Command exit status:
  255

Command output:
  (empty)

Command error:
  FATAL:   container creation failed: mount /proc/self/fd/4->/var/lib/singularity/mnt/session/rootfs error: while mounting image /proc/self/fd/4: failed to find loop device: could not attach image file to loop device: no loop devices available

Work dir:
  /home/DervisSalih/work/7e/02b6110799cea184ff1314a584c36b

Tip: you can replicate the issue by changing to the process work dir and entering the command `bash .command.run`

 -- Check '.nextflow.log' file for details

I also checked the loop devices available via ls /dev/loop* and it seems fine.

Full log:

nextflow.txt

Thank you, Umran

RenzoTale88 commented 3 months ago

@umranyaman many apologies for the very delayed reply to this. Are you still experiencing this issue with the newer release of the workflow?

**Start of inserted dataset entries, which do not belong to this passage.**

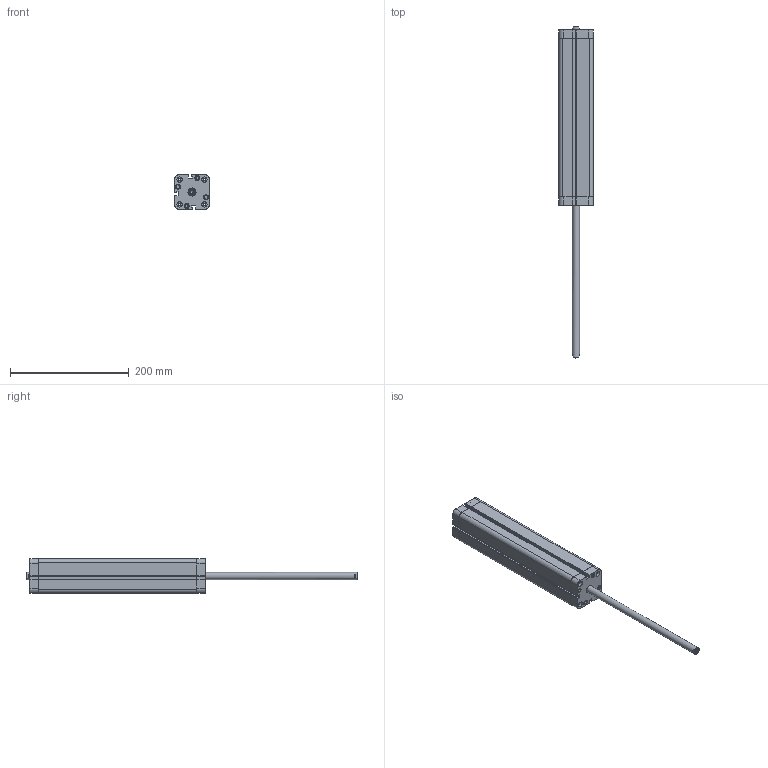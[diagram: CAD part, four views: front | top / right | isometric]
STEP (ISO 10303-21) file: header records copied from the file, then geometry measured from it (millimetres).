
FILE_DESCRIPTION((''),'2;1');
FILE_NAME('ADMP040.250.GS.F.stp','2011-07-29T11:27:15',('Administrator'),(''),'Autodesk Inventor 2012','Autodesk Inventor 2012','');
FILE_SCHEMA(('AUTOMOTIVE_DESIGN { 1 0 10303 214 1 1 1 1 }'));
Length unit declared in the file: millimetre
Products named in the file (1): ADMP040.250.GS.F
Bounding box: 58.1 x 558.5 x 58.1 mm (x, y, z)
Volume: 952935.3 mm3; surface area: 114958.2 mm2
Topology: 1 solids, 1 shells, 260 faces, 654 edges, 436 vertices
Faces by surface type: plane 158, cylinder 98, cone 2, torus 2
Full cylindrical faces by diameter (mm): 4.917 x6, 6.25 x2, 7.5 x8, 8 x8, 8.566 x2, 9 x8, 12 x2, 13.6 x2
Entity records: 7925 total; most frequent: CARTESIAN_POINT 1377, DIRECTION 1326, ORIENTED_EDGE 1208, EDGE_CURVE 604, AXIS2_PLACEMENT_3D 465, VERTEX_POINT 428, VECTOR 396, LINE 396

umranyaman commented 2 months ago

Hi @RenzoTale88, thanks for the follow up. I dont encounter the issues above once setting the nextflow path as @SamStudio8 suggested. Mod runs smoothly so far, sv and snv was taking too long time(or there might be problem), so I only run the mod for now. I will also test sv and snv soon. I can open this as a separate issue as well.

Thanks, Umran

RenzoTale88 commented 2 months ago

@umranyaman thanks for confirming this. Yes, if you come across further issues please do open a new ticket.